I feel behind and uncertain of my journey all the time, but somehow I still manage to make a way...
Back during the summer of 2013 I came across this dope cropped hoodie online.
I loved the look of it, real sporty and kinda fly, all me. I eyed it up until nearly the end of that summer when it, unfortunately, became completely sold out. Of course I was devastated, but in order to get what I wanted, I was still willing to ‘make a way out of no way.' So, in my usual fashion--no pun intended--I scoured the internet for a similar hoodie. I finally found the one and decided I would just crop it to get the look I wanted, but it ran at $56. These were leisure funds I clearly did not have at the time. Being the broke recent college grad I was, I sat on it.
Later that same summer I visited my old high school teacher and friend in NYC for the first time. During my last few days there I was determined to thrift a men’s hoodie that I could crop to save myself the energy and money I stressed over before. Low and behold, I got this dope vintage UC Berkeley sweatshirt and made it into what I wanted--the results turned out even better than I even anticipated, as you can see.
I have always been someone who has figured out how to ‘make a way out of no way,' even when I didn't think I could.
Creativity has been the lifeline to my authenticity and love for life. These days, in spite of the proper credentials received, this idea of ‘making a way’ for my generation has become more of a hassle due to improper funds or the right job. As you would know it, there are not too many people giving out too many of those, even with the proper credentials in hand. Add being a creative to the mix--when you want to do what you love while making ends meet is that much harder.
It seems like more and more creatives such as myself and even some of my friends, cannot find the door let alone get close enough to stick our foot in one.
Even with the vigor, the incessant need, and the desire to achieve and work our way up in a field we truly love, all of the obstacles certainly do not make it any easier. Many of us end up taking dead-end, never-ending soul-sucking jobs that prey on our inherent need to survive and make money while exploiting that valid need and draining the lights that fuel our want and need to create.
Many people do not realize that getting a job outside of fast track fields such law, medicine, or engineering hardly garner any real attention.
The job search has completely evolved since they were halfway giving out employment in the 80s and 90s. Nowadays you are lucky to get a call back from a company saying they do not want you. With the cost of living tripling over the last few decades, finding the means to support a livelihood stays at the forefront of our mind no matter what we may think our true purpose is. I hate knowing that after all the years I spent in school--which many people told me would guarantee me a job--in addition to the work I have done and the foundation I have laid for myself, I still have more ‘dues’ to pay in experience. It makes dreams and goals seem that much further away in the process of trying to attain them.
Aside from these inherently annoying aspects that come with moving further into adulthood, I am more than aware of my ability to make things happen regardless of the ever-mounting odds in front of me.
I feel behind all the time, like I didn’t pick the right major and program, I did not realize what I truly wanted to do soon enough.

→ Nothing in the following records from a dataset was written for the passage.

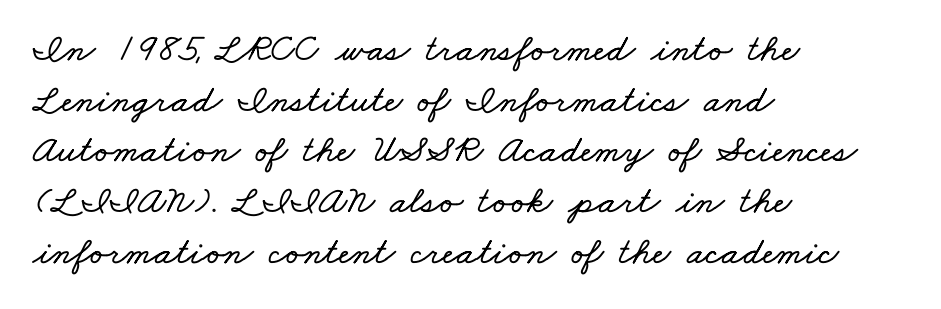
Q: Is the text underlined? A: No.
Q: How is the paragraph aligned? A: Left-aligned.
Q: Is the spacing between letters normal or unusually wide? A: Normal.
Q: Is the spacing between lines tight, normal or loose? A: Normal.
Q: Width (condensed, normal, or wide)? A: Wide.
Q: Stroke contrast? A: Low.
Q: x-height? A: Small.
Q: Monospaced? A: No.

And so, this uncertainty landed me in this precarious and agitating space that stretches me more than I’d like. I wonder all the time if I messed up along the way and if all of this strife could have been avoided. But I try to keep in mind that I’m right where I need to be whether I feel like I am or not. I am positioned right where I need be. And much like I did when I couldn’t get my hands on the hoodie I initially wanted, I am back to ‘making a way out of no way’ except this time... it is in regards to my creative purpose and life.
But that just makes the process and trip to the top that much more worthwhile.
I admit that recently I made the excuse of being too tired to do the additional work to truly ‘make a way’ after being in school for a thousand years and working temp jobs for what feels like a decade, but I realize it is an essential part of the hustle, and I can't keep sleeping on myself and my abilities. I don’t want to just work, I want to work doing what I love. When you feel like you have been working your whole life, working from the ground up can skew your reality of what it means reap the rewards of your labor. It's like, that's why they told you to school, right? To be ahead of the game and have a job waiting for you, right? What happens when you do all that and you're still struggling and cannot meet all the expectations set up for you to get a job following suit? You form a support system, build a network, putting yourself out there by knocking on all the doors, and you put your talent and ability on display for the world to see because whether or not somebody else recognizes it right away, you do first and that’s what I’m learning is going to reveal the door and get your foot in it.
This is a reminder to keep going...
No matter what your dreams are, no matter how old you are, no matter where you are in life or how far you have to go, you can get to where you want to go. I realized at the beginning of this journey, as long as I believe it, it is real and attainable. Faith in yourself and your abilities is going to be an essential tool on your journey, and as someone who is right in the middle of theirs, I urge you to hang on to that belief in yourself. That will be your light to guide you through your darkest moments. While others will slowly but surely begin to realize your light, your talents, and their depths, remember that you recognized it first and that’s what matters most. Even in the face of struggle and hardship, never forget there is always a way.